Prompt
A faithful, picture-free copy of the listing below is required.

Input data
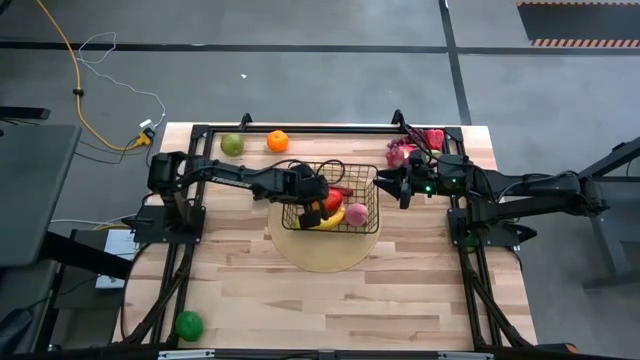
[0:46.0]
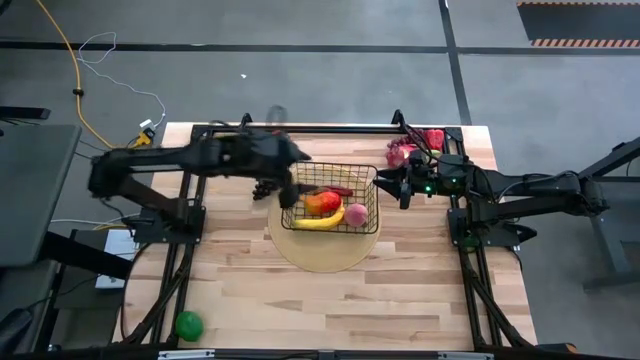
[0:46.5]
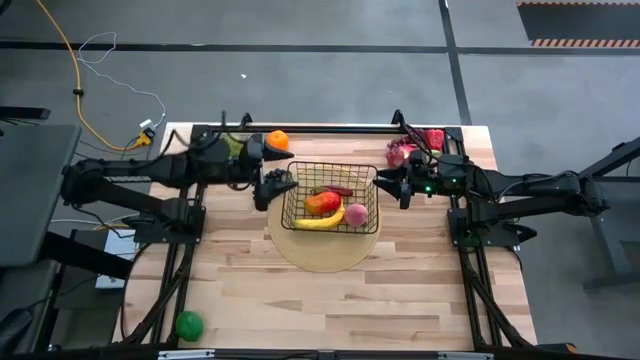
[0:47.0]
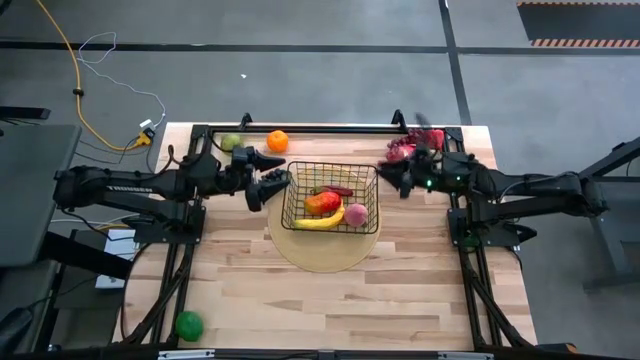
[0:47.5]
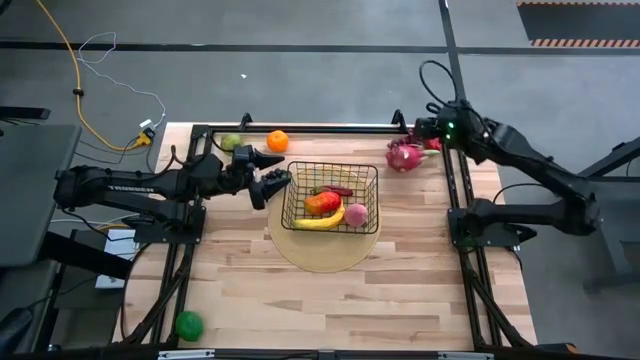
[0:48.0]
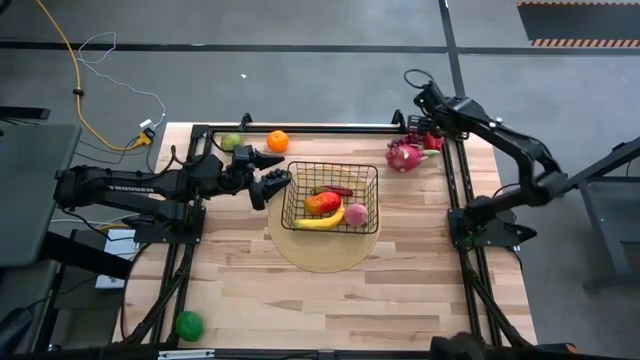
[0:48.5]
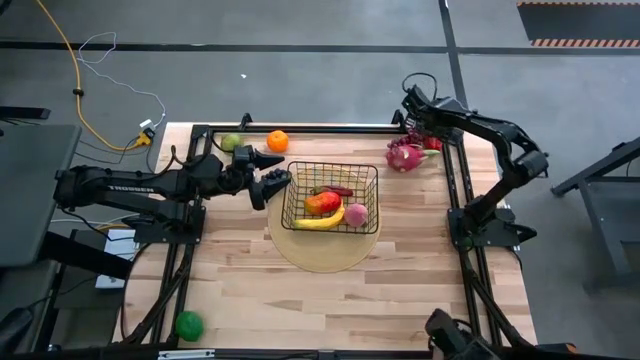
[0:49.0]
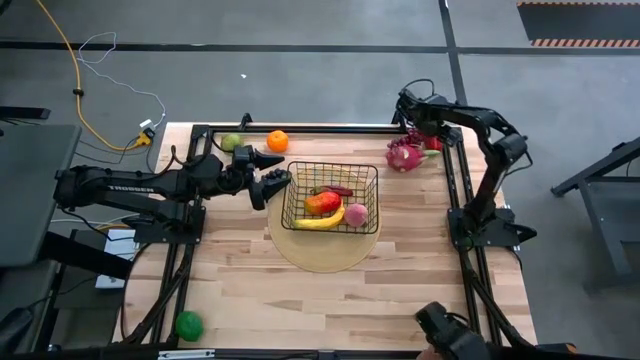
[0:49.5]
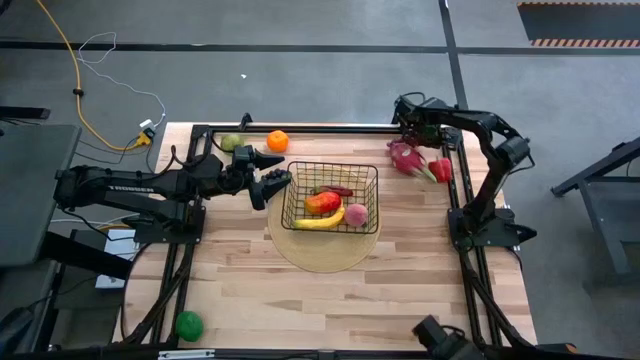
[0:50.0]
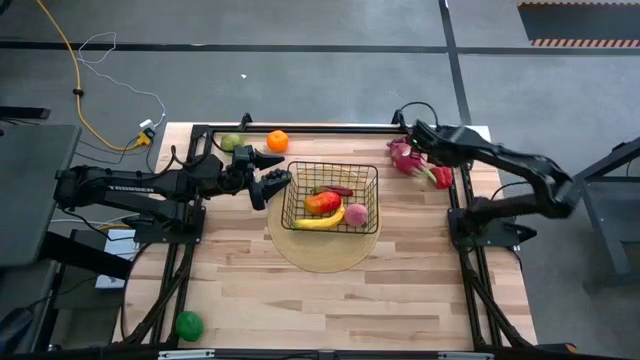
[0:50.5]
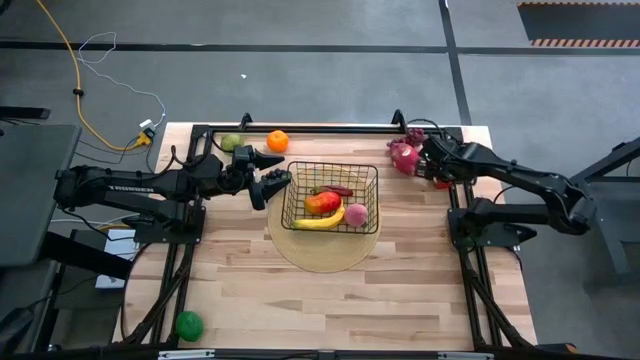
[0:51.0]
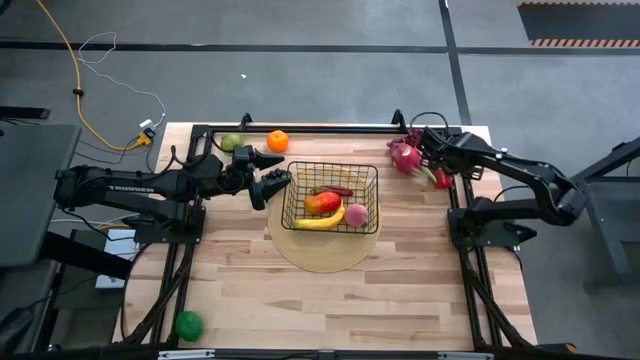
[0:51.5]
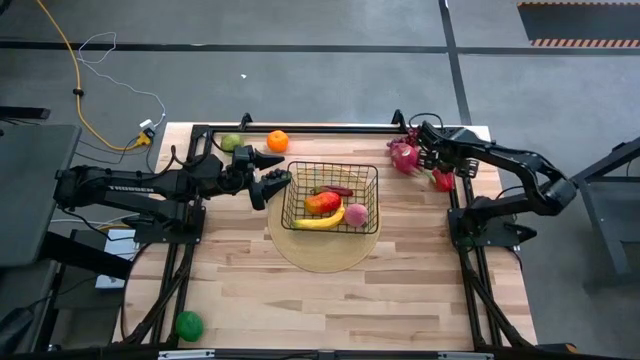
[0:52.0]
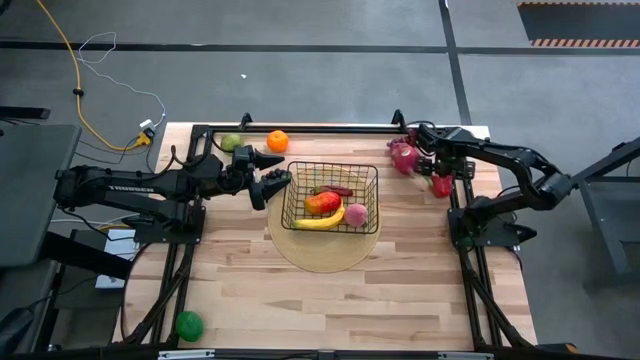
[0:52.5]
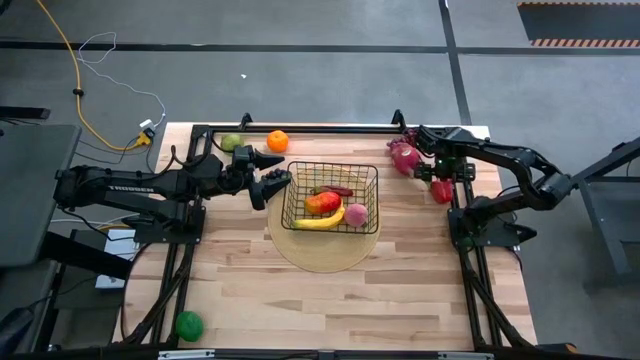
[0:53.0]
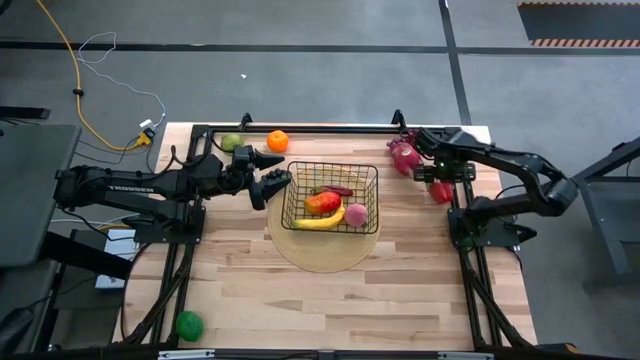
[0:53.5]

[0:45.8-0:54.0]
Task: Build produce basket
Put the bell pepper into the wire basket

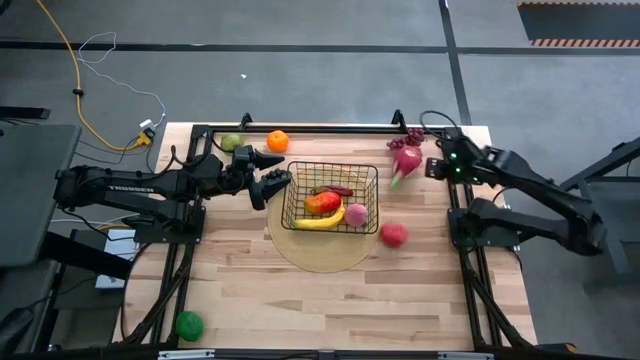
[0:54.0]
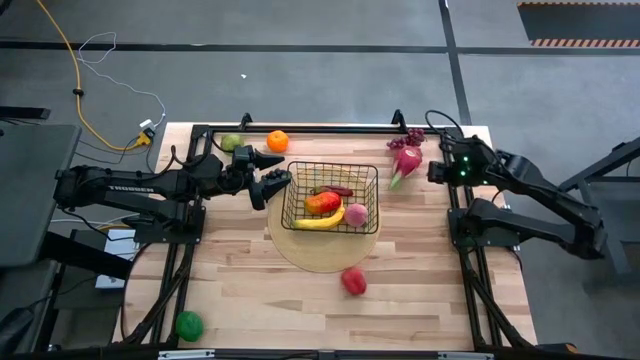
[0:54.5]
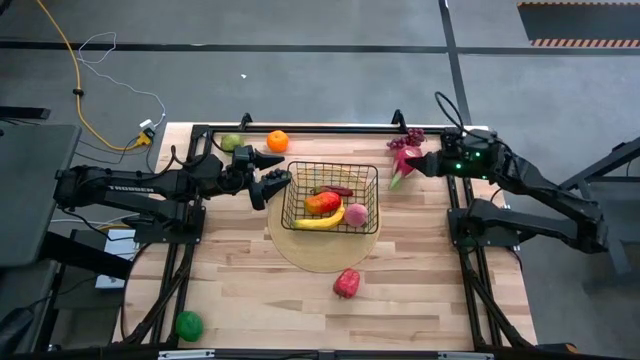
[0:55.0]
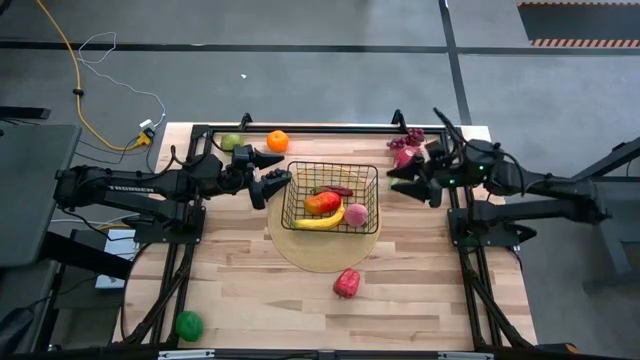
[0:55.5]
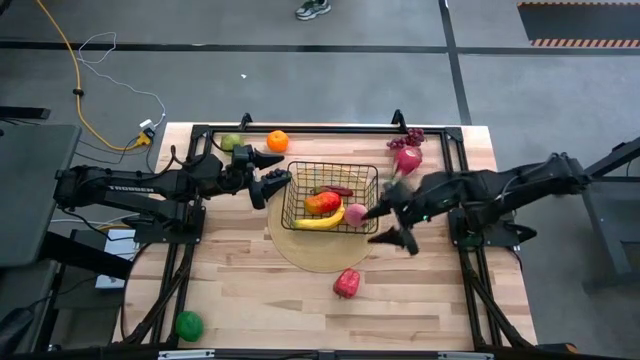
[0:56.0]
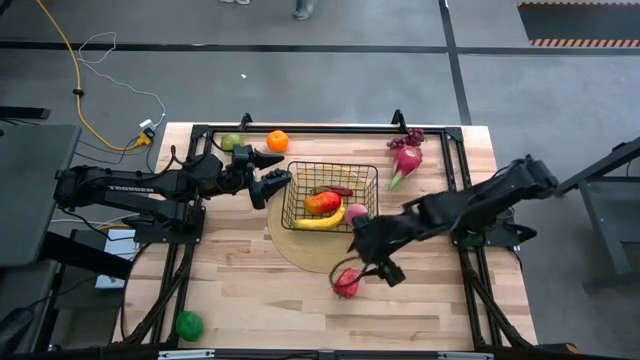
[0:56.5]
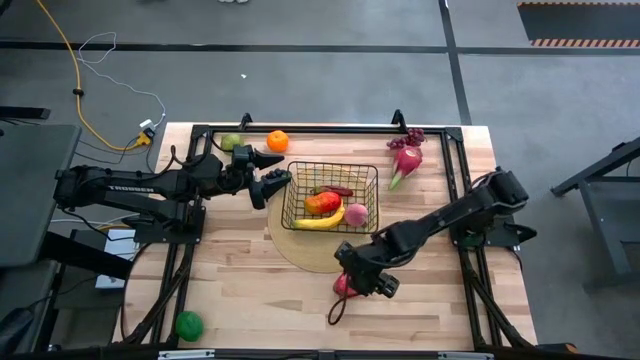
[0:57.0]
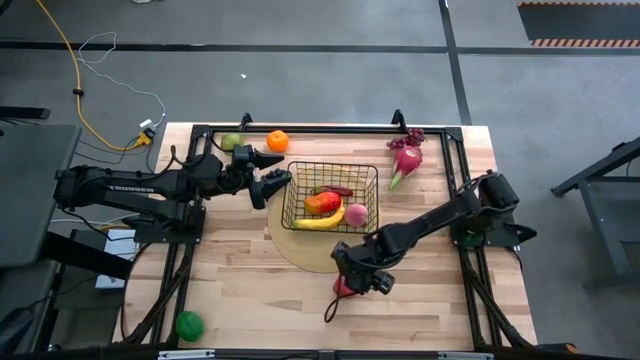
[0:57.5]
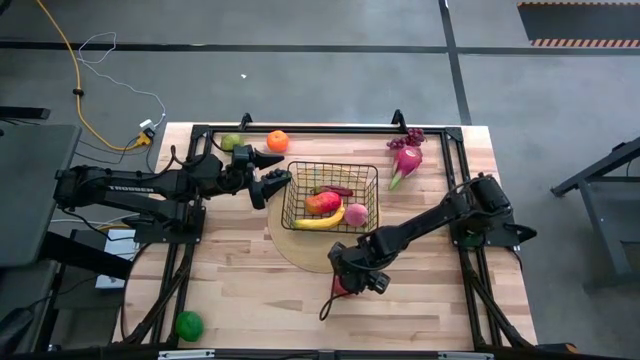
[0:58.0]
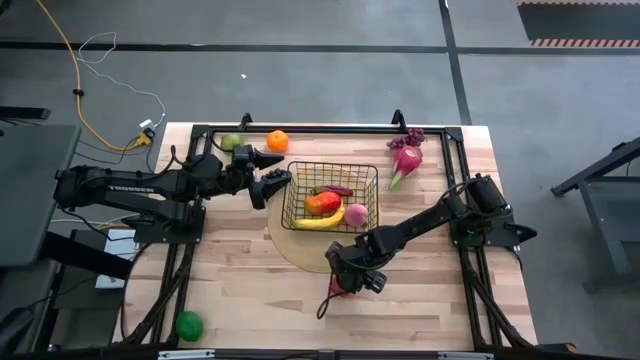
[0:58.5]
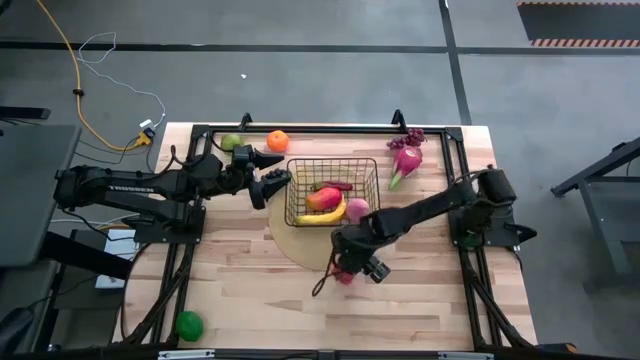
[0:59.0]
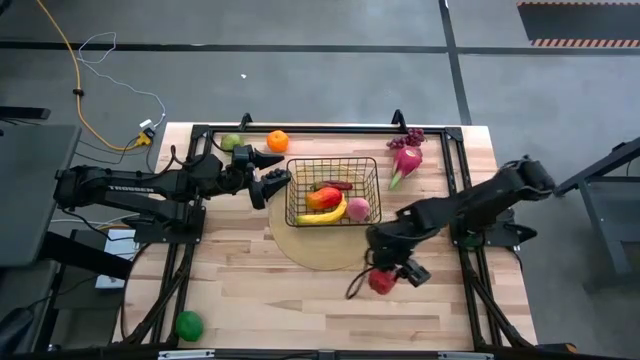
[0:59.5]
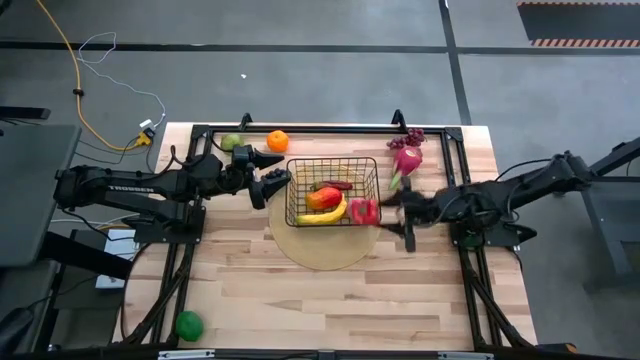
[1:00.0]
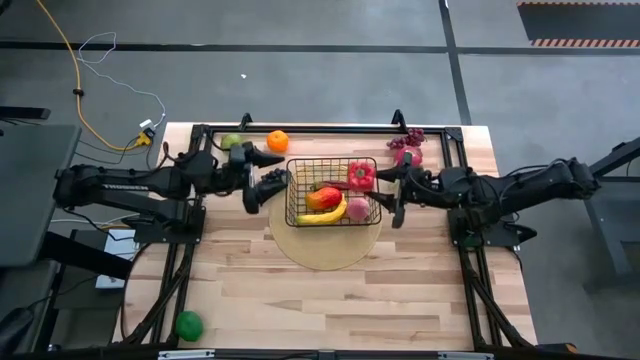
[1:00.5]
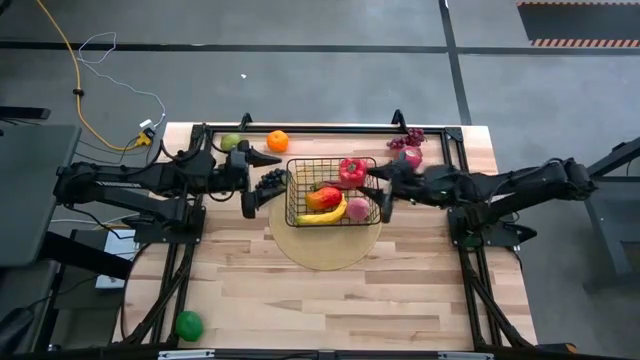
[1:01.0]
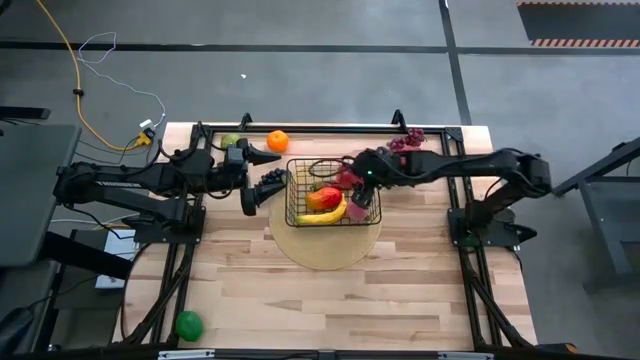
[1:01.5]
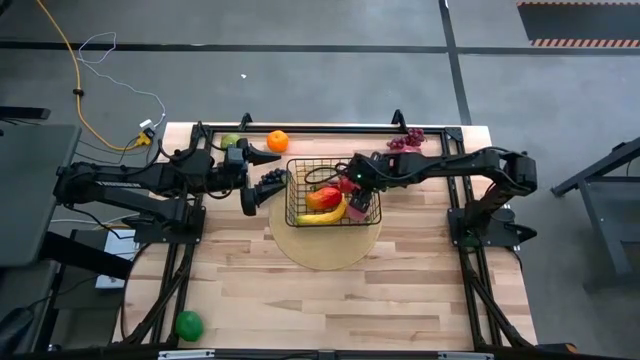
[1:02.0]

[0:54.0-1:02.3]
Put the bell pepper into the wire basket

Written response
[0:46.0]
[0:46.5]
[0:47.0]
[0:47.5]
[0:48.0]
[0:48.5]
[0:49.0]
[0:49.5]
[0:50.0]
[0:50.5]
[0:51.0]
[0:51.5]
[0:52.0]
[0:52.5]
[0:53.0]
[0:53.5]

[0:45.8-0:54.0]
Task: Build produce basket
Put the bell pepper into the wire basket

[0:54.0]
[0:54.5]
[0:55.0]
[0:55.5]
[0:56.0]
[0:56.5]
[0:57.0]
[0:57.5]
[0:58.0]
[0:58.5]
[0:59.0]
[0:59.5]
[1:00.0]
[1:00.5]
[1:01.0]
[1:01.5]
[1:02.0]

[0:54.0-1:02.3]
Put the bell pepper into the wire basket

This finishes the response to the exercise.